Under the Water Sector Enhancement Project, consultants are expected to conduct a study to determine the feasibility of using water from the Hope Canal for potable water purposes. They are also expected, in laying the groundwork for the construction of the wastewater treatment plants and the upgrade of existing infrastructure, to incorporate climate resilient designs in their plans.

The CDB, established in 1970 for the purpose of contributing to the economic growth and development of its Borrowing Member Countries (BMCs), said the Water Sector Enhancement Project is consistent with its strategic objective of supporting inclusive and sustainable growth and development within its BMCs, as well as the its corporate priorities of strengthening and modernising social and economic infrastructure; and promoting environmental sustainability (climate change resilience, environmental management).

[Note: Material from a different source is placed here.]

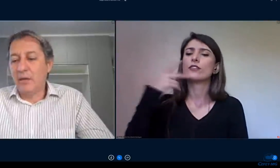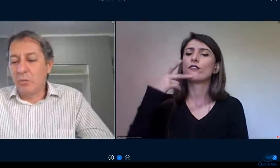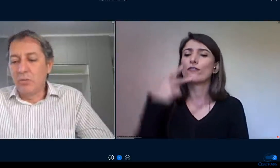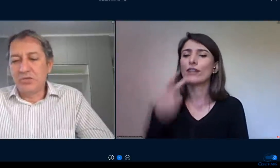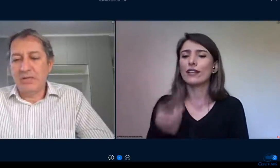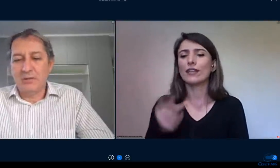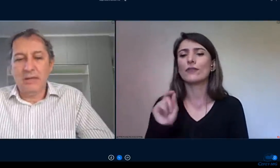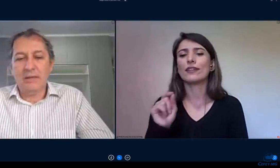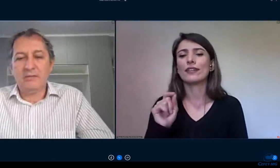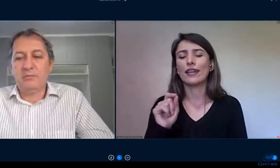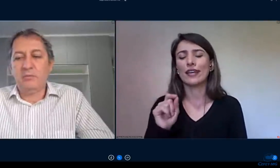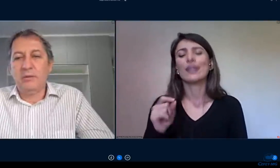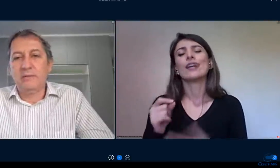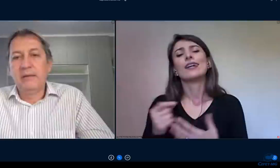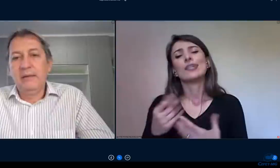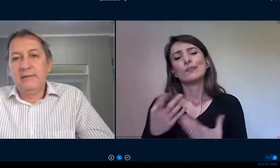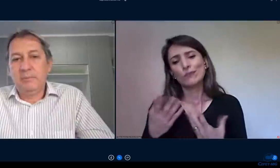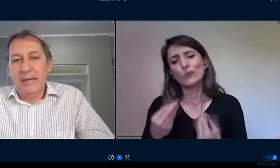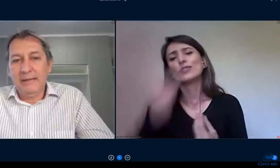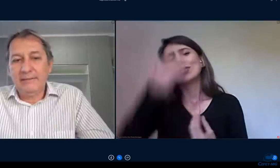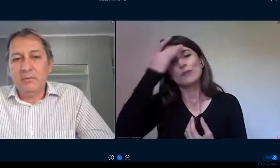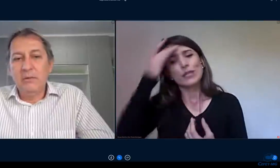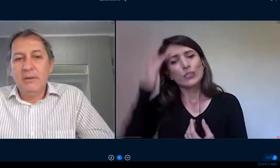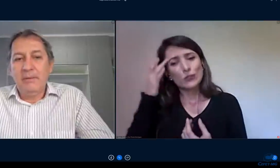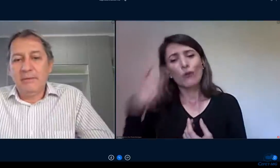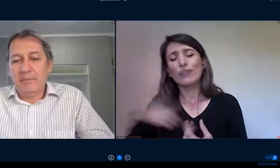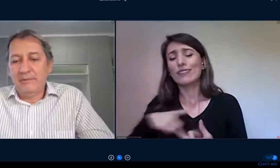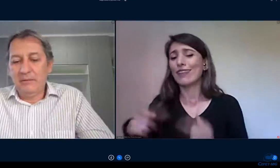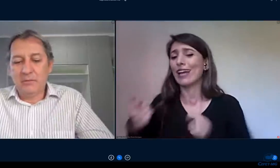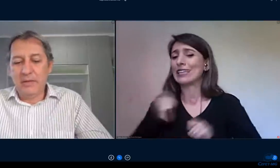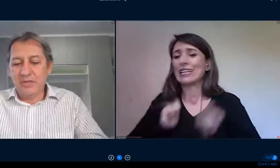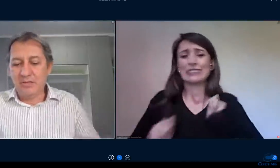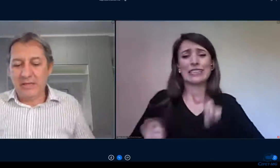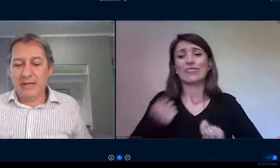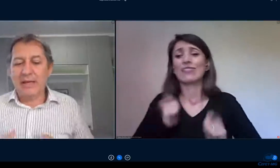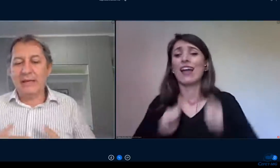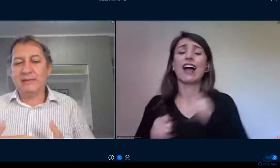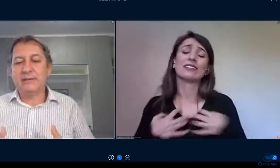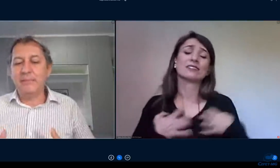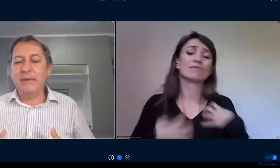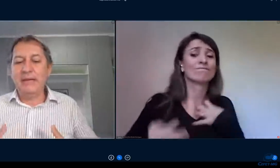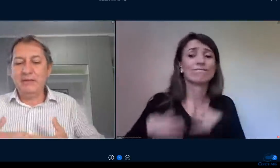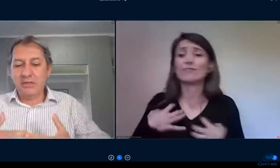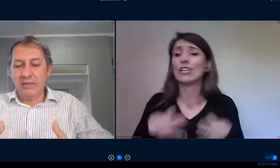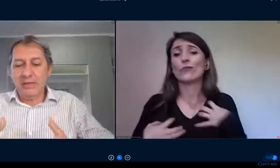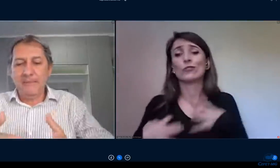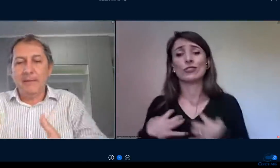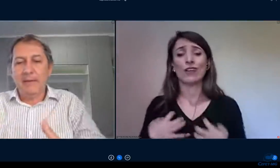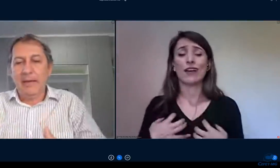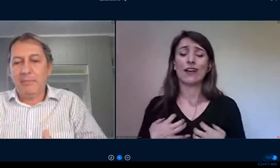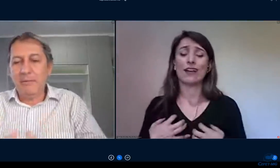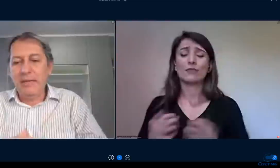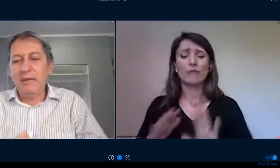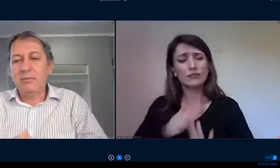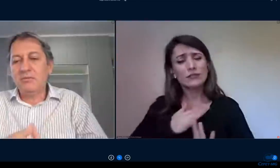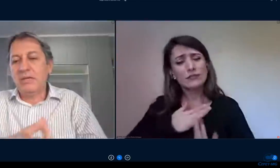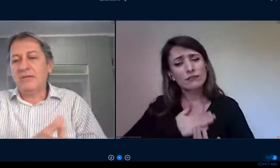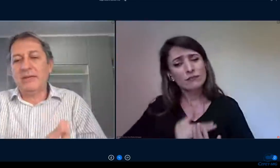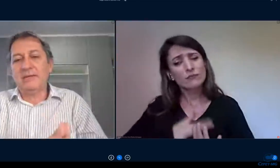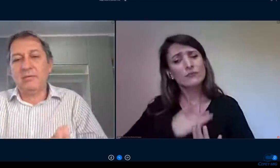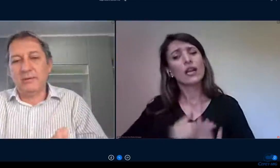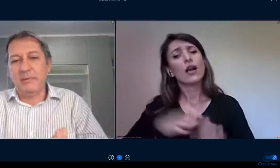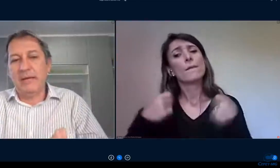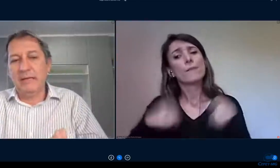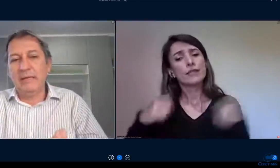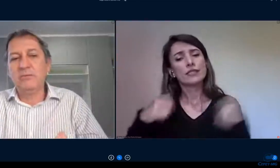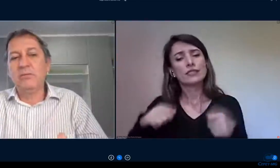dessa angústia que as pessoas expressam mas é preciso que a gente tenha clareza também de que primeiro de

Previous groundwork on Guyana's wastewater system was carried out under the four-year Caribbean Regional Fund for Wastewater (CReW) project (2011-2015). It raised awareness of the issues surrounding wastewater management in the country and facilitated the creation in 2012 of the Guyana Wastewater Revolving Fund — valued at US$3 million with an additional US$560,000 in counterpart funding from the Government of Guyana. The fund offers loans to private businesses for construction and/or rehabilitation of wastewater treatment facilities at a rate below prevailing market interest rates.

CReW, which also had pilot projects in Jamaica, Belize and Trinidad & Tobago, was funded by the Global Environment Facility and implemented by the Inter-American Development Bank and UN Environment.

IDB and UN Environment did not immediately respond to Jamaica Observer questions yesterday about whether there have been any takers to date.